Sometimes U.S. investors set up insurance companies offshore for a variety of reasons. Often insurance companies established outside the United States are taxed under the controlled foreign corporation or (“CFC”) rules. However, unknown to the U.S. investor, a foreign insurance corporation or company can be taxed under the extremely punitive foreign investment company (or “PFIC”) tax regime. This article discusses the PFIC tax rules and how a foreign insurance company can be taxed as a PFIC.

In order to understand why PFIC rules were enacted, it is important to take a step-back and understand the historical background as to why these rules were enacted. U.S. investors in domestic mutual funds have always been taxed on the fund’s investment income because a domestic fund must distribute at least 90% of its income each year in order to avoid U.S. corporation taxation. See IRC Section 851 and 852. On the other hand, at one time the U.S. holders of foreign mutual funds were able to avoid U.S. tax as a result of the funds not paying dividends. Congress believed that U.S. owners of foreign mutual funds had an unfair advantage over U.S. owners of domestic mutual funds.

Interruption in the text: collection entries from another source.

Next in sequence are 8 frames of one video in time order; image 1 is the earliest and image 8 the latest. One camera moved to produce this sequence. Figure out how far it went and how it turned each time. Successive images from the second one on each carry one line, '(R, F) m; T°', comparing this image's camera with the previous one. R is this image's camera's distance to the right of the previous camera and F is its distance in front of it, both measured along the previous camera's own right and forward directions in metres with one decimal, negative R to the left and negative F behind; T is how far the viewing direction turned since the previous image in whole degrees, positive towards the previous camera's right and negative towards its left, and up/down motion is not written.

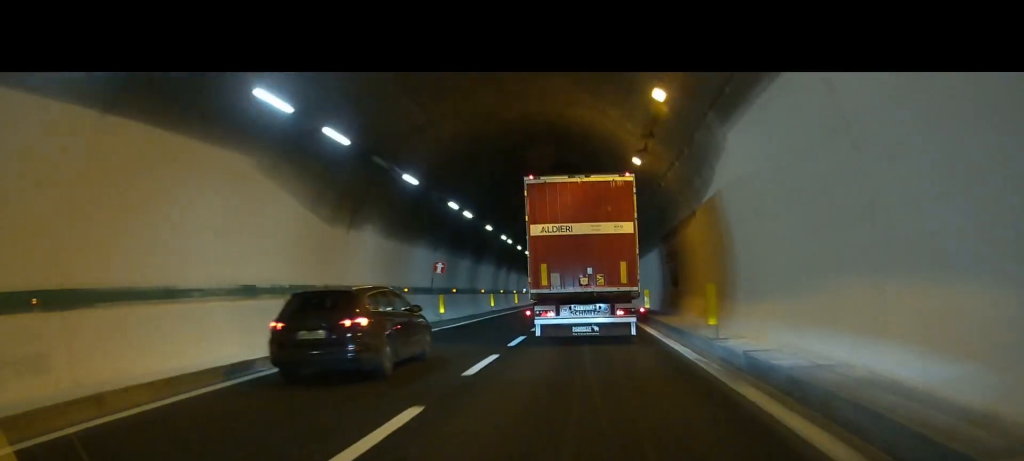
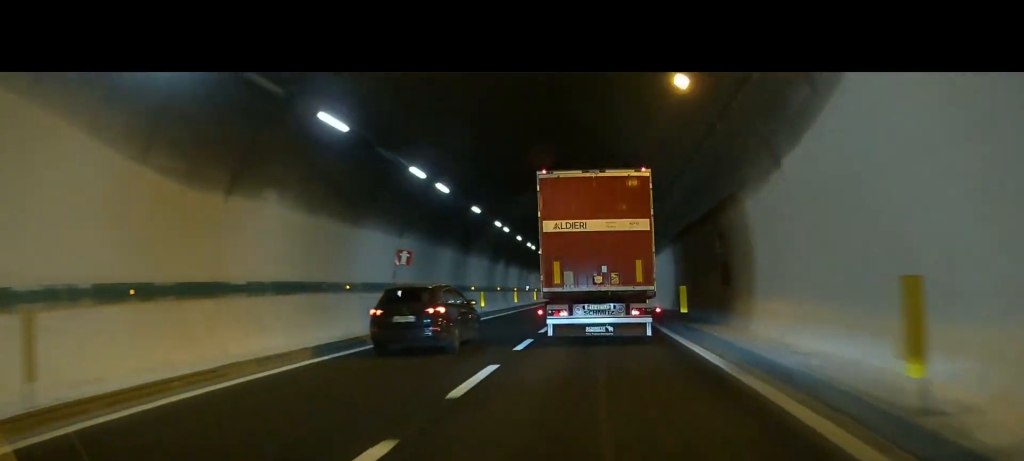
(0.0, +7.5) m; 0°
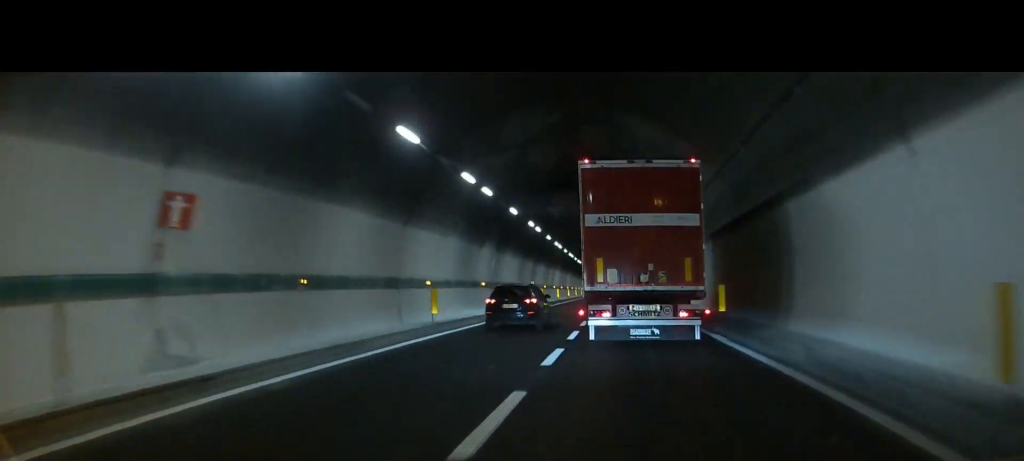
(0.0, +14.4) m; 0°
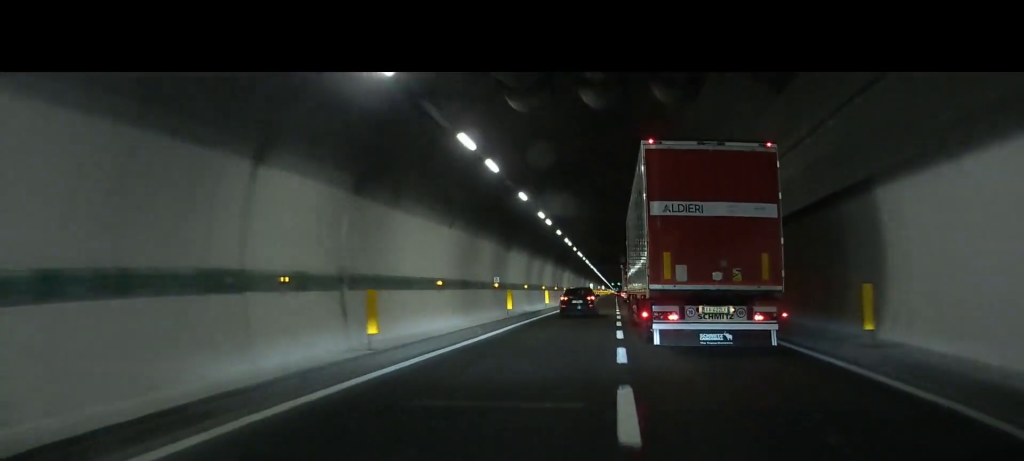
(0.0, +21.7) m; 0°
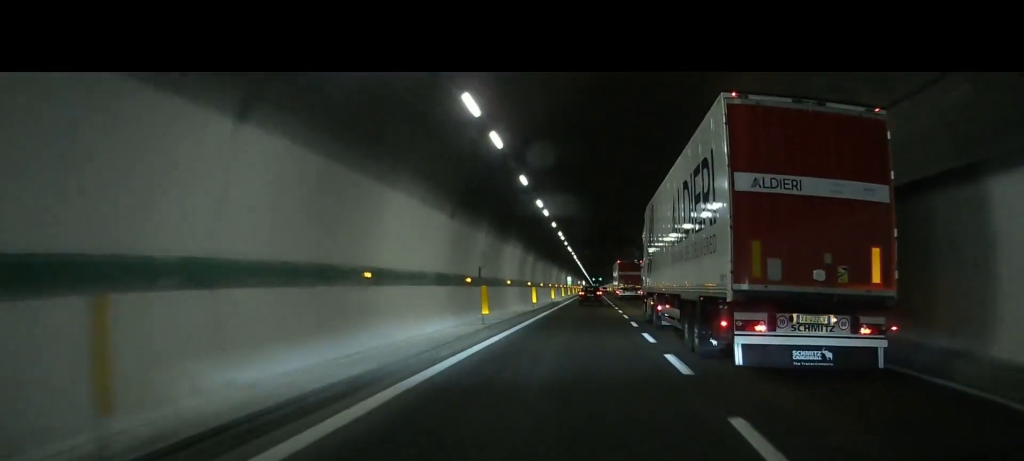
(0.0, +35.3) m; 0°
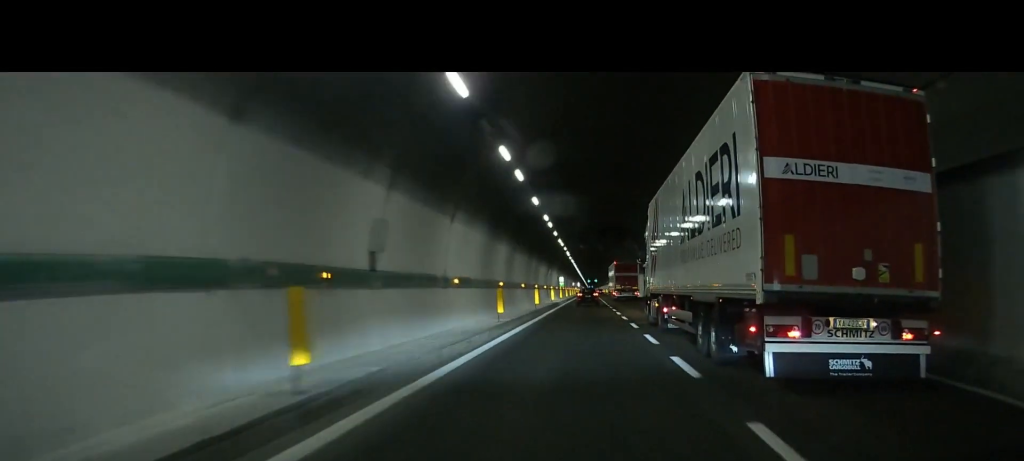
(0.0, +11.2) m; 0°
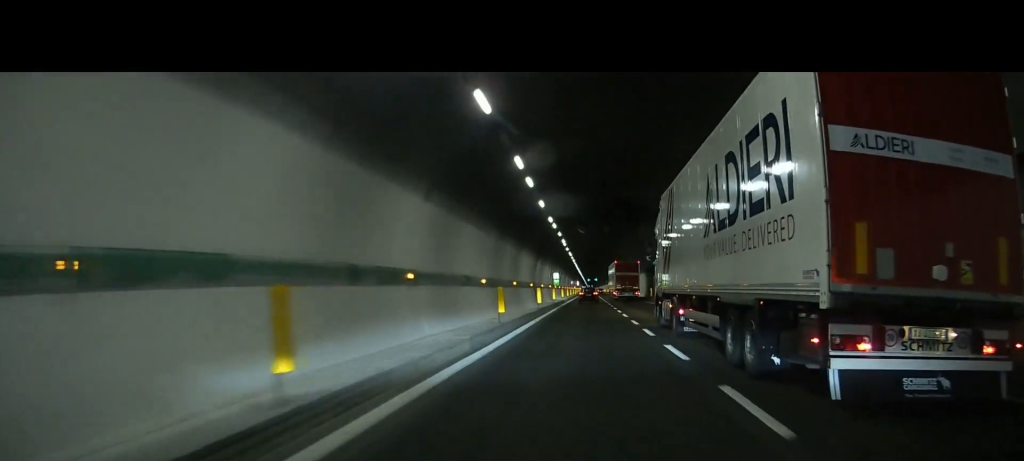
(0.0, +14.5) m; 0°
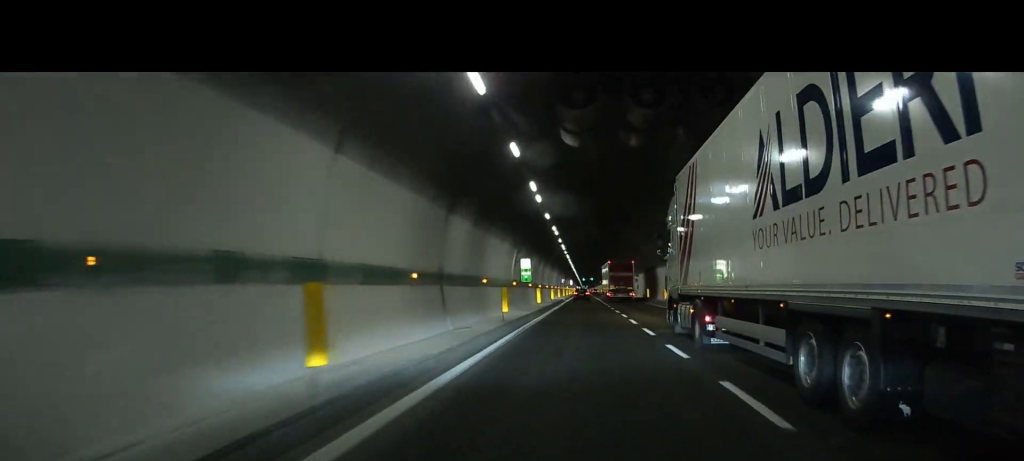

This resulted in the enactment of the PFIC tax regime that significantly expanded the reach of the Internal Revenue Code (“IRS”) with respect to passive investment income earned by U.S. persons through foreign corporations.

The objective of the PFIC provisions of the Internal Revenue Code is to deprive a U.S. taxpayer of the economic benefit of deferral of U.S. tax on a taxpayer’s share of the undistributed income of a foreign investment company that has predominantly passive income. Although the PFIC provisions were aimed at U.S. persons holding stock in foreign investment funds, the PFIC provisions have a much broader impact. The PFIC provisions of the Internal Revenue Code may apply to any U.S. person holding stock in any foreign corporation, even one engaged in an active foreign business such as manufacturing, for any tax year in which the corporation derives enough passive income or owns enough passive assets to meet the definition of a PFIC.

Definition of PFIC

A foreign corporation is a PFIC if it satisfies either an income or asset test. Under the income test, a foreign corporation is a PFIC if 75% or more of the corporation’s gross income for the taxable year is defined as “foreign personal holding company” for purposes of Subpart F provisions of the Internal Revenue Code, with certain adjustments. Internal Revenue Code Section 954(c) defines “foreign personal holding company income” to include most types of passive income, such as interest, dividends, rents, annuities, royalties and gains from the sale of stock, securities or other property that produces interest, dividends, rents, annuities or royalties. See IRC Section 954(c)(1)(A) and (c)(1)(B)(i). The adjustments include exclusions for income derived from the active conduct of a banking, insurance, or securities business, as well as any interest, dividends, rents, and royalties received from a related person to the extent such income is properly allocable to nonpassive income of the related person. A “related person” is defined in Internal Revenue Code Section 954(d)(3). An individual, corporation, partnership, trust or estate that controls or is controlled by a controlled foreign corporation (“CFC”) is a “related person.” Control means, in the case of a corporation, direct or indirect ownership of more than 50 percent of the total voting power or value of the stock of the corporation.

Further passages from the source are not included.